◆ Task instructions
Keep the images out and copy every entry below exactly.
*-*-*
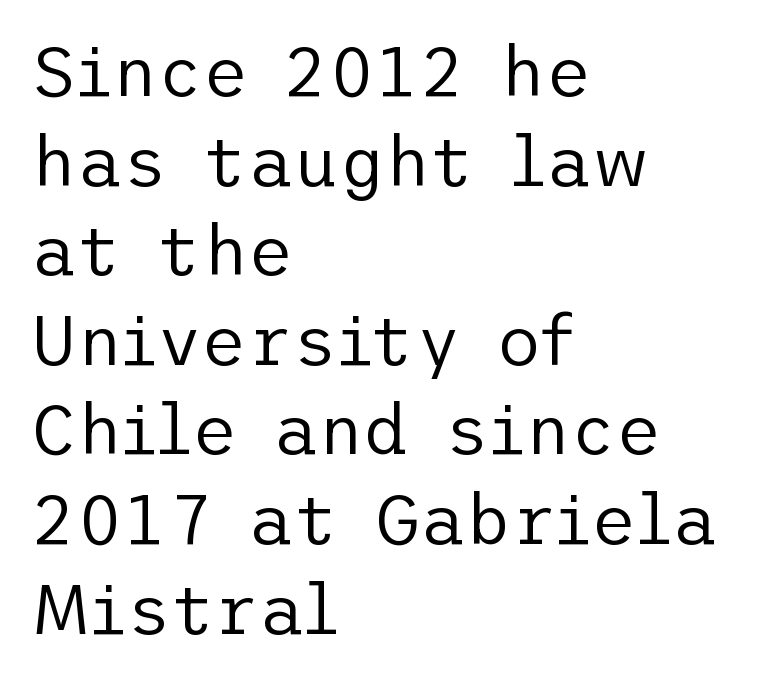
Q: Is the text bold? A: No.
Q: Is the text italic (slanted)? A: No, it is upright.
Q: Is the typeface a serif or a sans-serif typeface? A: Sans-serif.
Q: Is the text underlined? A: No.
Q: How is the paragraph aligned? A: Left-aligned.
Q: Is the spacing between letters normal or unusually wide? A: Normal.
Q: Is the spacing between lines tight, normal or loose? A: Normal.
Q: Width (condensed, normal, or wide)? A: Normal.
Q: Stroke contrast? A: Low.
Q: x-height? A: Medium.
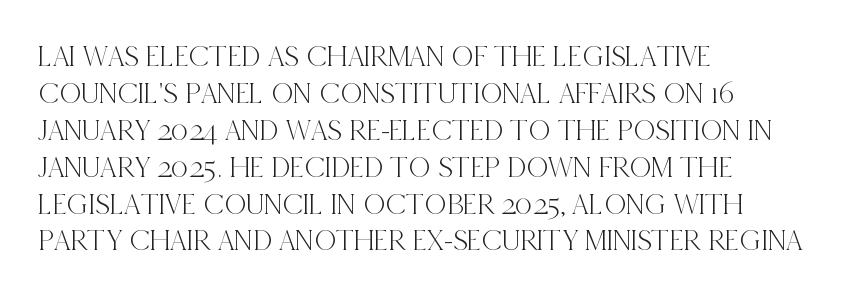
{"serif": "yes", "italic": "no", "width": "condensed", "x_height": "large", "monospaced": "no", "underline": "no", "align": "left", "line_spacing_ratio": 1.23, "letter_spacing": "normal", "letter_spacing_em": 0.0, "glyph_px": 30}
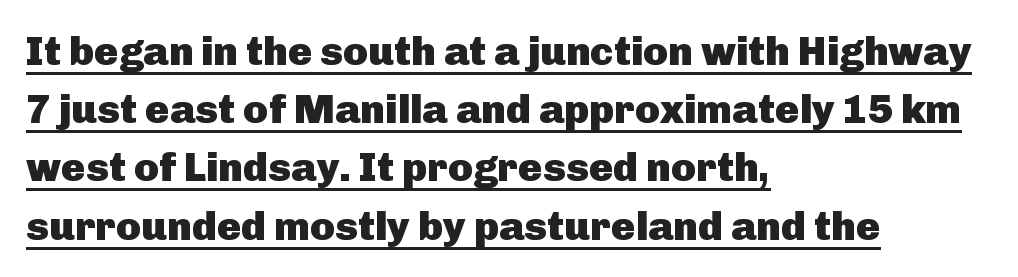
The image shows 41 px heavy sans-serif type, upright; set left-aligned, normal line spacing (1.42x), normal letter spacing, underlined; low stroke contrast and a medium x-height.
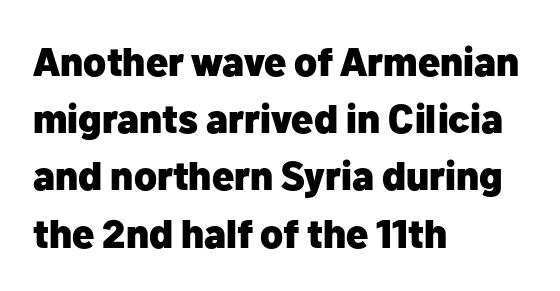
The face used here is proportionally spaced, like ordinary book or web type. I'd describe the lettering as bold — thick and assertive. Has an underline been added? It has not. Rows of type keep a routine distance in the vertical direction. Observe the absence of serifs on each vertical stroke in this sample. Reading down the block, your eye returns to a fixed left position each line.
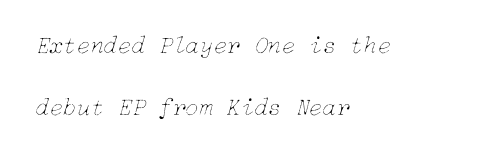
Q: Is the text bold? A: No.
Q: Is the text italic (slanted)? A: Yes, it leans right by about 15 degrees.
Q: Is the text underlined? A: No.
Q: How is the paragraph aligned? A: Left-aligned.
Q: Is the spacing between letters normal or unusually wide? A: Normal.
Q: Is the spacing between lines tight, normal or loose? A: Loose.
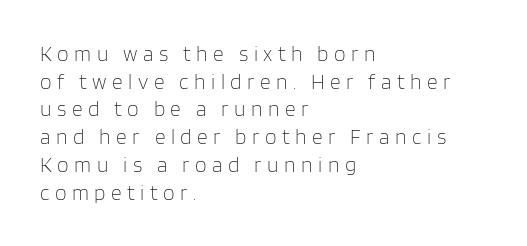
Q: Is the text bold? A: No.
Q: Is the text italic (slanted)? A: No, it is upright.
Q: Is the text underlined? A: No.
Q: How is the paragraph aligned? A: Left-aligned.
Q: Is the spacing between letters normal or unusually wide? A: Unusually wide.
Q: Is the spacing between lines tight, normal or loose? A: Normal.
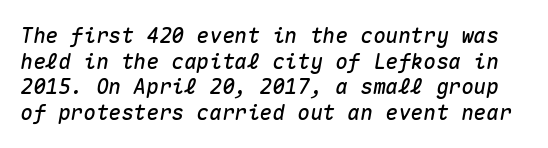
There's an unmistakable incline to the writing here. The rendering keeps characters at their native spacing. Honestly, there is no underline to notice here at all.
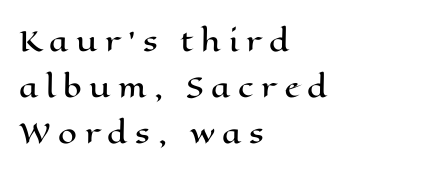
The letterforms stand isolated, each surrounded by extra space. Rule under the text: the space is simply empty. Short and long lines alike share a common starting point at left. The typography opts for an upright posture over an oblique one.
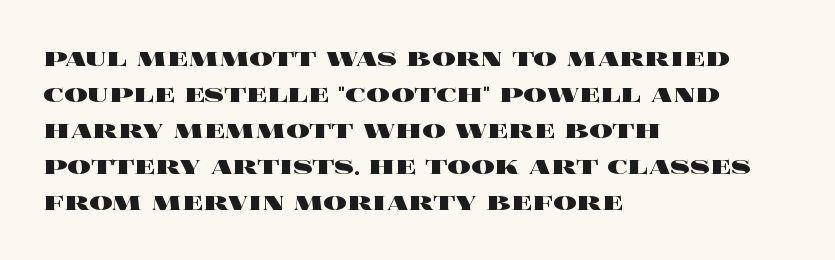
The image shows 29 px heavy, wide type, upright; set left-aligned, line spacing 1.24x, normal letter spacing, not underlined; a large x-height.
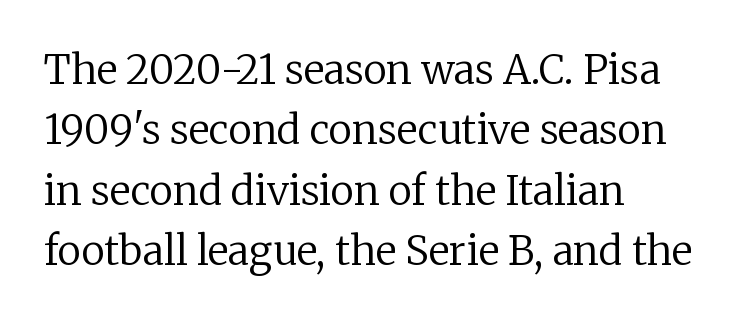
A clean baseline with only descenders dipping below it. A typesetter would call this zero additional tracking. Unbolded letterforms with no extra heft. The leading is moderate, giving the passage an even texture. The lines are quadded left.
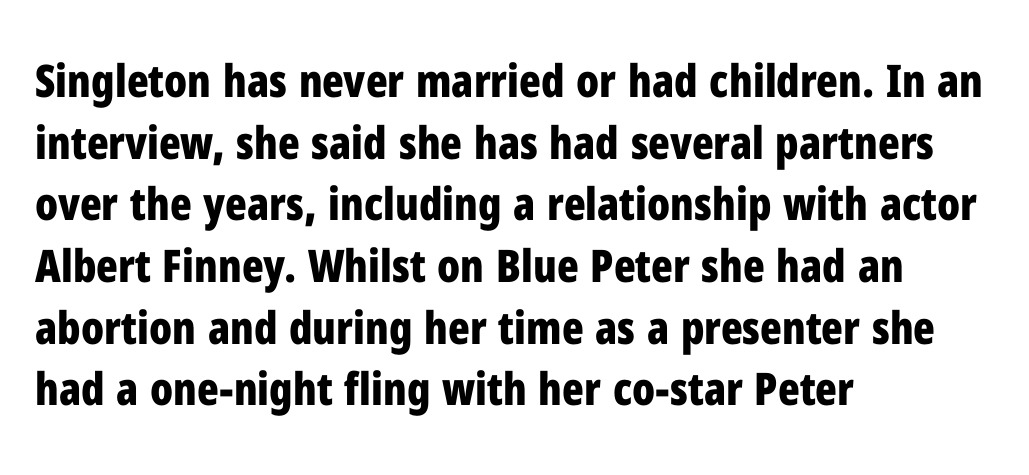
Q: Is the text bold? A: Yes.
Q: Is the text italic (slanted)? A: No, it is upright.
Q: Is the typeface a serif or a sans-serif typeface? A: Sans-serif.
Q: Is the text underlined? A: No.
Q: How is the paragraph aligned? A: Left-aligned.
Q: Is the spacing between letters normal or unusually wide? A: Normal.
Q: Is the spacing between lines tight, normal or loose? A: Normal.
Q: Width (condensed, normal, or wide)? A: Condensed.
Q: Stroke contrast? A: Low.
Q: x-height? A: Medium.
Q: Monospaced? A: No.
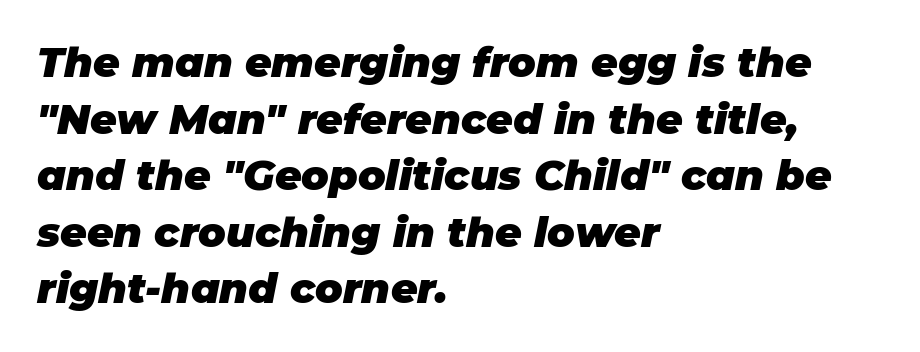
Q: Is the text bold? A: Yes.
Q: Is the text italic (slanted)? A: Yes, it leans right by about 11 degrees.
Q: Is the text underlined? A: No.
Q: How is the paragraph aligned? A: Left-aligned.
Q: Is the spacing between letters normal or unusually wide? A: Normal.
Q: Is the spacing between lines tight, normal or loose? A: Normal.
Q: Width (condensed, normal, or wide)? A: Normal.
Q: Stroke contrast? A: Low.
Q: x-height? A: Large.
Q: Monospaced? A: No.
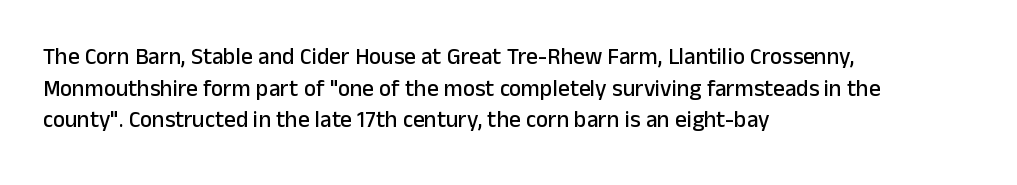
The tracking reads as untouched default to a designer's eye. These lines were composed using upright roman letters. A clean baseline with only descenders dipping below it. The designer left line spacing at the default. The lines are quadded left.
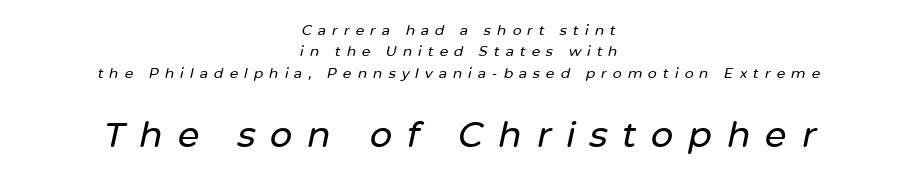
Each letter keeps its own natural width here, so spacing adapts to shape. Centered paragraph, ragged on both sides. Someone cranked the tracking dial way up on this one. Underline: absent. Students, observe: this is what conventionally led text looks like. The block sitting lower on the canvas is the one with enlarged characters.
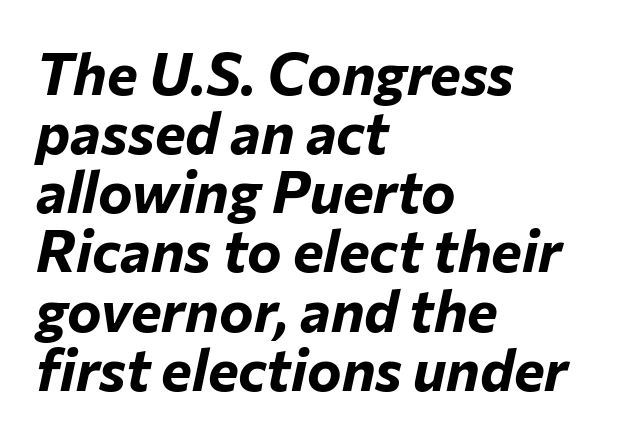
{"italic": "yes", "lean": "right", "slant_degrees": 12, "bold": "yes", "weight": "bold", "width": "normal", "stroke_contrast": "low", "x_height": "medium", "monospaced": "no", "underline": "no", "align": "left", "line_spacing": "tight", "line_spacing_ratio": 1.02, "letter_spacing": "normal", "letter_spacing_em": 0.0, "glyph_px": 58}
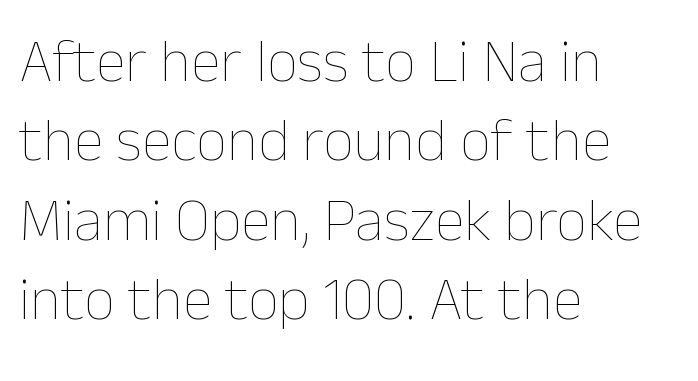
Q: Is the text bold? A: No.
Q: Is the text italic (slanted)? A: No, it is upright.
Q: Is the text underlined? A: No.
Q: How is the paragraph aligned? A: Left-aligned.
Q: Is the spacing between letters normal or unusually wide? A: Normal.
Q: Is the spacing between lines tight, normal or loose? A: Normal.
Q: Width (condensed, normal, or wide)? A: Normal.
Q: Stroke contrast? A: Low.
Q: x-height? A: Medium.
Q: Monospaced? A: No.
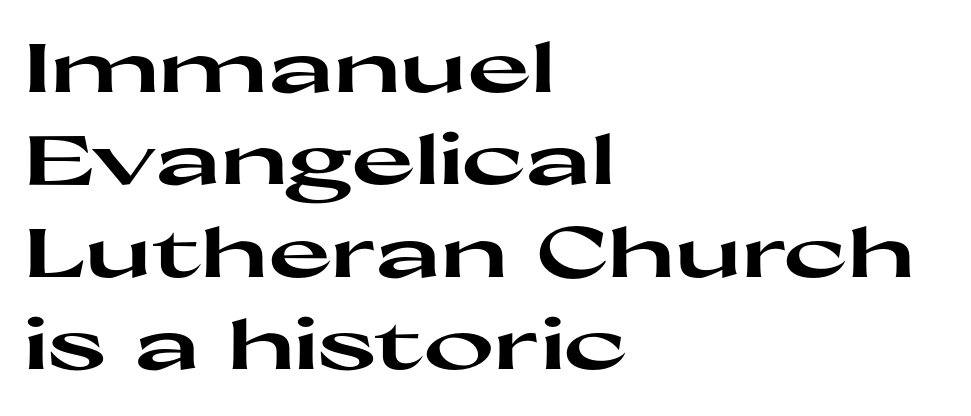
The image shows 68 px heavy, wide sans-serif type, upright; set left-aligned, normal line spacing (1.36x), normal letter spacing, not underlined; high stroke contrast and a medium x-height.
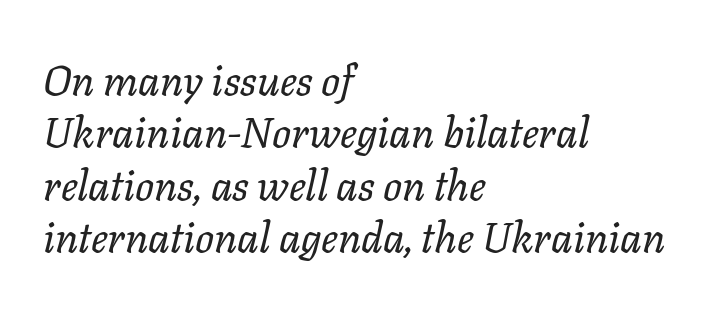
Q: Is the text bold? A: No.
Q: Is the text italic (slanted)? A: Yes, it leans right by about 11 degrees.
Q: Is the text underlined? A: No.
Q: How is the paragraph aligned? A: Left-aligned.
Q: Is the spacing between letters normal or unusually wide? A: Normal.
Q: Is the spacing between lines tight, normal or loose? A: Normal.
Q: Width (condensed, normal, or wide)? A: Normal.
Q: Stroke contrast? A: Low.
Q: x-height? A: Medium.
Q: Monospaced? A: No.
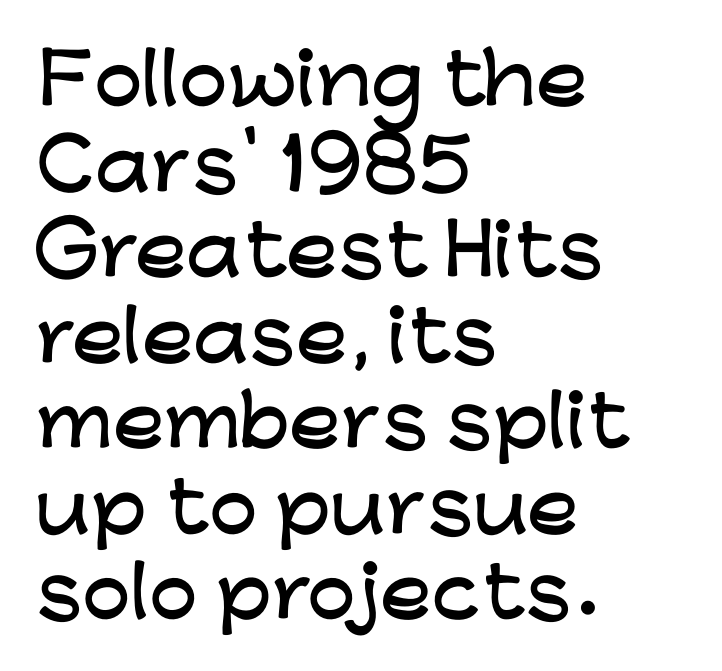
The image shows 69 px wide sans-serif type, upright; set left-aligned, line spacing 1.24x, normal letter spacing, not underlined; low stroke contrast and a medium x-height.
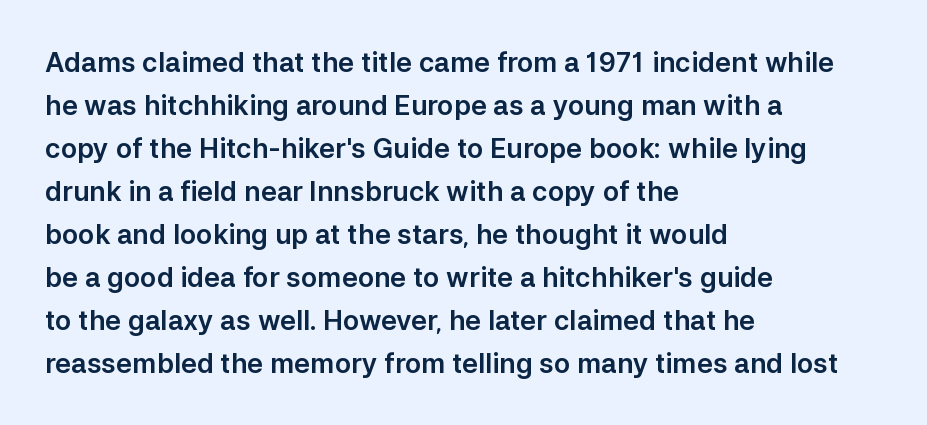
Q: Is the text italic (slanted)? A: No, it is upright.
Q: Is the text underlined? A: No.
Q: How is the paragraph aligned? A: Left-aligned.
Q: Is the spacing between letters normal or unusually wide? A: Normal.
Q: Is the spacing between lines tight, normal or loose? A: Normal.
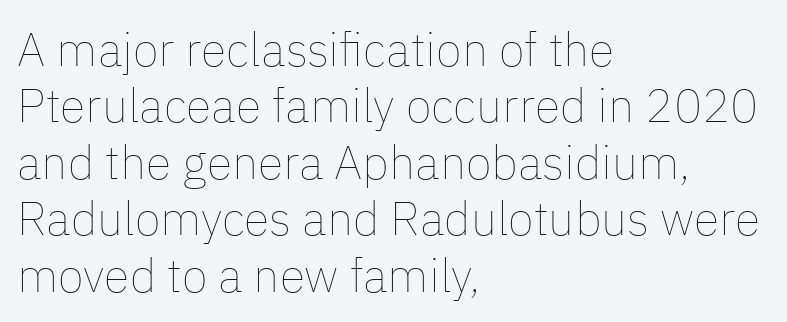
The image shows 47 px thin type, upright; set left-aligned, line spacing 1.2x, normal letter spacing, not underlined; low stroke contrast and a medium x-height.
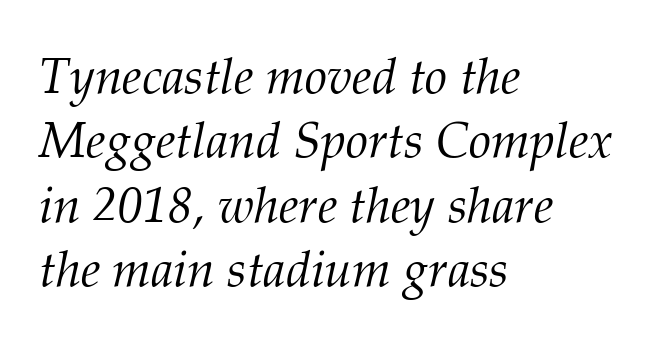
The image shows 50 px light serif type, italic (leaning right); set left-aligned, normal line spacing (1.29x), normal letter spacing, not underlined; medium stroke contrast and a medium x-height.
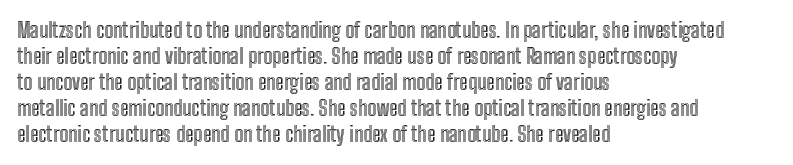
The typesetter chose a ragged-right arrangement here. The type sits square on the baseline with zero lean. There is no visible air inserted between adjacent glyphs. Has an underline been added? It has not.
*-*-*
◆ Your response
Q: Is the text bold? A: No.
Q: Is the text italic (slanted)? A: No, it is upright.
Q: Is the typeface a serif or a sans-serif typeface? A: Sans-serif.
Q: Is the text underlined? A: No.
Q: How is the paragraph aligned? A: Left-aligned.
Q: Is the spacing between letters normal or unusually wide? A: Normal.
Q: Is the spacing between lines tight, normal or loose? A: Normal.
Q: Width (condensed, normal, or wide)? A: Normal.
Q: Stroke contrast? A: Low.
Q: x-height? A: Medium.
{"serif": "yes", "italic": "no", "width": "condensed", "x_height": "large", "monospaced": "no", "underline": "no", "align": "left", "line_spacing_ratio": 1.23, "letter_spacing": "normal", "letter_spacing_em": 0.0, "glyph_px": 30}
The image shows 41 px heavy sans-serif type, upright; set left-aligned, normal line spacing (1.42x), normal letter spacing, underlined; low stroke contrast and a medium x-height.
The face used here is proportionally spaced, like ordinary book or web type. I'd describe the lettering as bold — thick and assertive. Has an underline been added? It has not. Rows of type keep a routine distance in the vertical direction. Observe the absence of serifs on each vertical stroke in this sample. Reading down the block, your eye returns to a fixed left position each line.
Q: Is the text bold? A: No.
Q: Is the text italic (slanted)? A: Yes, it leans right by about 15 degrees.
Q: Is the text underlined? A: No.
Q: How is the paragraph aligned? A: Left-aligned.
Q: Is the spacing between letters normal or unusually wide? A: Normal.
Q: Is the spacing between lines tight, normal or loose? A: Loose.
Q: Is the text bold? A: No.
Q: Is the text italic (slanted)? A: No, it is upright.
Q: Is the text underlined? A: No.
Q: How is the paragraph aligned? A: Left-aligned.
Q: Is the spacing between letters normal or unusually wide? A: Unusually wide.
Q: Is the spacing between lines tight, normal or loose? A: Normal.
There's an unmistakable incline to the writing here. The rendering keeps characters at their native spacing. Honestly, there is no underline to notice here at all.
The letterforms stand isolated, each surrounded by extra space. Rule under the text: the space is simply empty. Short and long lines alike share a common starting point at left. The typography opts for an upright posture over an oblique one.
The image shows 29 px heavy, wide type, upright; set left-aligned, line spacing 1.24x, normal letter spacing, not underlined; a large x-height.
A clean baseline with only descenders dipping below it. A typesetter would call this zero additional tracking. Unbolded letterforms with no extra heft. The leading is moderate, giving the passage an even texture. The lines are quadded left.
Q: Is the text bold? A: Yes.
Q: Is the text italic (slanted)? A: No, it is upright.
Q: Is the typeface a serif or a sans-serif typeface? A: Sans-serif.
Q: Is the text underlined? A: No.
Q: How is the paragraph aligned? A: Left-aligned.
Q: Is the spacing between letters normal or unusually wide? A: Normal.
Q: Is the spacing between lines tight, normal or loose? A: Normal.
Q: Width (condensed, normal, or wide)? A: Condensed.
Q: Stroke contrast? A: Low.
Q: x-height? A: Medium.
Q: Monospaced? A: No.
Q: Is the text bold? A: Yes.
Q: Is the text italic (slanted)? A: Yes, it leans right by about 11 degrees.
Q: Is the text underlined? A: No.
Q: How is the paragraph aligned? A: Left-aligned.
Q: Is the spacing between letters normal or unusually wide? A: Normal.
Q: Is the spacing between lines tight, normal or loose? A: Normal.
Q: Width (condensed, normal, or wide)? A: Normal.
Q: Stroke contrast? A: Low.
Q: x-height? A: Large.
Q: Monospaced? A: No.
The tracking reads as untouched default to a designer's eye. These lines were composed using upright roman letters. A clean baseline with only descenders dipping below it. The designer left line spacing at the default. The lines are quadded left.
Each letter keeps its own natural width here, so spacing adapts to shape. Centered paragraph, ragged on both sides. Someone cranked the tracking dial way up on this one. Underline: absent. Students, observe: this is what conventionally led text looks like. The block sitting lower on the canvas is the one with enlarged characters.
{"italic": "yes", "lean": "right", "slant_degrees": 12, "bold": "yes", "weight": "bold", "width": "normal", "stroke_contrast": "low", "x_height": "medium", "monospaced": "no", "underline": "no", "align": "left", "line_spacing": "tight", "line_spacing_ratio": 1.02, "letter_spacing": "normal", "letter_spacing_em": 0.0, "glyph_px": 58}
Q: Is the text bold? A: No.
Q: Is the text italic (slanted)? A: No, it is upright.
Q: Is the text underlined? A: No.
Q: How is the paragraph aligned? A: Left-aligned.
Q: Is the spacing between letters normal or unusually wide? A: Normal.
Q: Is the spacing between lines tight, normal or loose? A: Normal.
Q: Width (condensed, normal, or wide)? A: Normal.
Q: Stroke contrast? A: Low.
Q: x-height? A: Medium.
Q: Monospaced? A: No.
The image shows 68 px heavy, wide sans-serif type, upright; set left-aligned, normal line spacing (1.36x), normal letter spacing, not underlined; high stroke contrast and a medium x-height.
Q: Is the text bold? A: No.
Q: Is the text italic (slanted)? A: Yes, it leans right by about 11 degrees.
Q: Is the text underlined? A: No.
Q: How is the paragraph aligned? A: Left-aligned.
Q: Is the spacing between letters normal or unusually wide? A: Normal.
Q: Is the spacing between lines tight, normal or loose? A: Normal.
Q: Width (condensed, normal, or wide)? A: Normal.
Q: Stroke contrast? A: Low.
Q: x-height? A: Medium.
Q: Monospaced? A: No.
The image shows 69 px wide sans-serif type, upright; set left-aligned, line spacing 1.24x, normal letter spacing, not underlined; low stroke contrast and a medium x-height.
Q: Is the text italic (slanted)? A: No, it is upright.
Q: Is the text underlined? A: No.
Q: How is the paragraph aligned? A: Left-aligned.
Q: Is the spacing between letters normal or unusually wide? A: Normal.
Q: Is the spacing between lines tight, normal or loose? A: Normal.
The image shows 47 px thin type, upright; set left-aligned, line spacing 1.2x, normal letter spacing, not underlined; low stroke contrast and a medium x-height.
The image shows 50 px light serif type, italic (leaning right); set left-aligned, normal line spacing (1.29x), normal letter spacing, not underlined; medium stroke contrast and a medium x-height.
The typesetter chose a ragged-right arrangement here. The type sits square on the baseline with zero lean. There is no visible air inserted between adjacent glyphs. Has an underline been added? It has not.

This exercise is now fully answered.